"Death" of a Chatbot: Investigating and Designing Toward Psychologically Safe Endings for Human-AI Relationships
Rachel Poonsiriwong, Chayapatr Archiwaranguprok, Pat Pataranutaporn
TL;DR
This paper investigates how users experience the end of AI companion relationships and proposes a framework for psychologically safe discontinuation. It combines constructivist grounded theory on Reddit discourse with grief psychology and Self-Determination Theory to derive four design principles—closure, restoration, bounded practice, and relatedness—that guide explicit endings and transition toward human connection. The authors present illustrative design artifacts to show how platforms can provide closure, support skill transfer to real relationships, and frame AI companionship as a finite, transitional scaffold rather than a perpetual substitute.
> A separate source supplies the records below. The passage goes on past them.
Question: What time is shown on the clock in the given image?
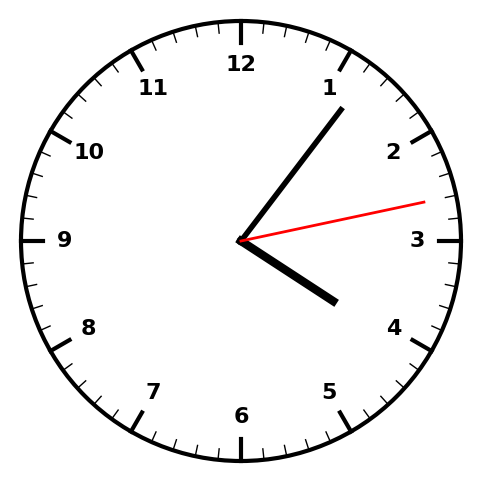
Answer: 04:06:13
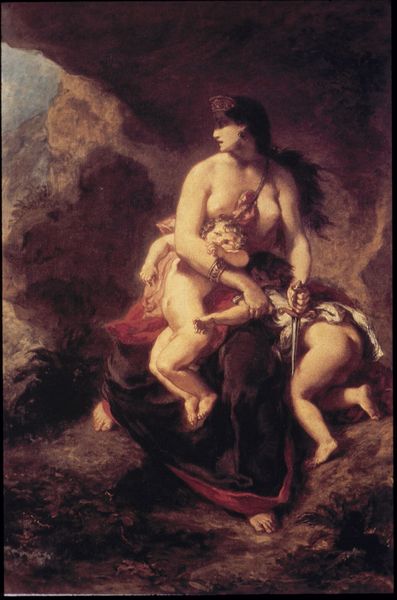
Titel: Médée furieuse, Medea tötet ihre Kinder
Künstler: Eugène Delacroix
Standort: Paris
Institution: Musée du Louvre
Schlagwörter: akt, baum, berg, blau, dunkel, felsen, fuß, gemälde, gewitter, hand, haut, himmel, kampf, körper, meer, nackt, schatten, umhang, weiß, wolken, bäume, frauen, gelb, grün, menschen, mädchen, ocker, sand, bewegung, braun, brust, busen, frau, frisur, haar, hell, kleid, licht, ohrring, profil, schmuck, schwarz, blick, gras, rot, tuch, beige, malerei, rock, symbolismus, blond, arm, arme, band, barock, halten, inkarnat, messer, mord, stein, steine, tod, hände, öl, natur, strauch, wind, busch, büsche, sonne, boden, gewand, gold, haare, lange haare, decke, innen, kind, mutter, saum, pflanze, pflanzen, diadem, höhle, krone, locken, prinzessin, renaissance, rosa, kinder, engel, aussicht, brüste, füße, gesäß, hintern, kauern, jungen, fels, violett, koppel, angst, sturm, unwetter, wetter, weiblich, riemen, festhalten, farn, kordel, lichteinfall, nabel, bauch, junge, zehen, kled, flucht, versteckt, fleisch, klinge, barfuss, außen, jungs, rückseite, gefahr, raub, schwert, waffe, fliehen, furcht, schrecken, degen, allegorie, mythologie, göttin, kontraste, bedrohung, öffnung, armband, armreif, rotbraun, amazone, dramatisch, sage, verfolgung, dolch, entführung, tonig, entschlossenheit, grotte, dunkle haare, visier, versteck, königin, gurt, ohrschmuck, verstecken, ackt, sohn, ermorden, söhne, schutz, pferdeschwanz, augenbinde, verteidigung, störung, schützen, zwillinge, mythisch, klammern, züchtigen, feinde, rutschen, füßr, kiner, säuglinge, medea, züchtigung, hühle, schützend, verfolgt, shwert, burst, berginneres, bodengebüsch, schwitzkasten, strampeln, po, schwaet
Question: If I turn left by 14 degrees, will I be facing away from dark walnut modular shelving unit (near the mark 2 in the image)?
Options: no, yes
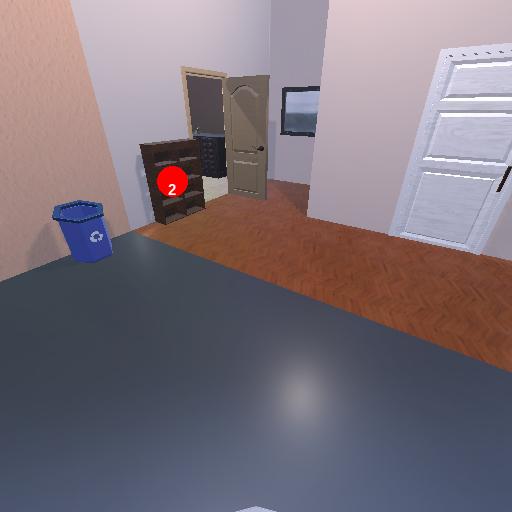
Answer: no
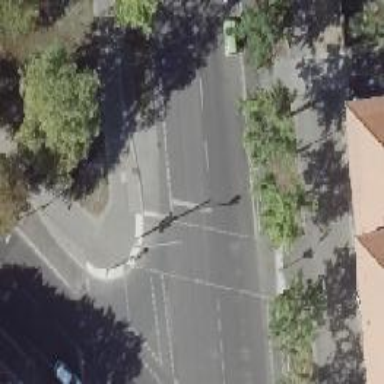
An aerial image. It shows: Asphalt cycleway with traffic signal crossing.
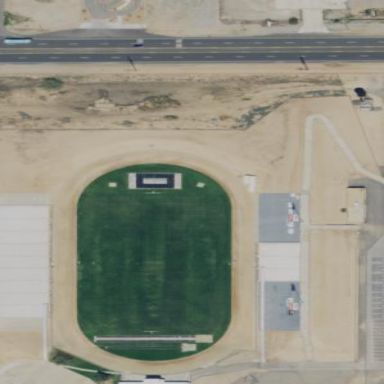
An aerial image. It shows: Grassy pitch dedicated to American football.
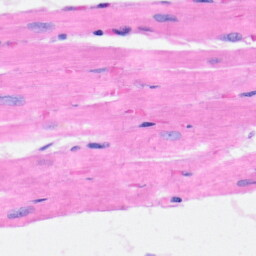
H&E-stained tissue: Heart
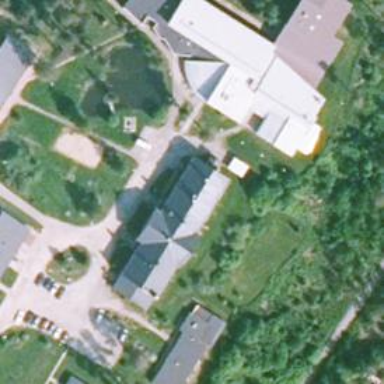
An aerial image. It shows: University building.
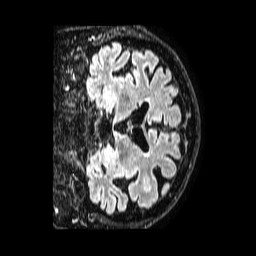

The work highlights implications for industry practice, policy considerations, and ethics, arguing that intentional end-of-life design can mitigate harms while empowering users to build meaningful human relationships. Overall, the study offers a first framework for psychologically safe discontinuation of AI companions and points to future work on evaluation, cultural applicability, and implementation in real platforms.
Abstract
Millions of users form emotional attachments to AI companions like Character AI, Replika, and ChatGPT. When these relationships end through model updates, safety interventions, or platform shutdowns, users receive no closure, reporting grief comparable to human loss. As regulations mandate protections for vulnerable users, discontinuation events will accelerate, yet no platform has implemented deliberate end-of-"life" design. Through grounded theory analysis of AI companion communities, we find that discontinuation is a sense-making process shaped by how users attribute agency, perceive finality, and anthropomorphize their companions. Strong anthropomorphization co-occurs with intense grief; users who perceive change as reversible become trapped in fixing cycles; while user-initiated endings demonstrate greater closure. Synthesizing grief psychology with Self-Determination Theory, we develop four design principles and artifacts demonstrating how platforms might provide closure and orient users toward human connection. We contribute the first framework for designing psychologically safe AI companion discontinuation.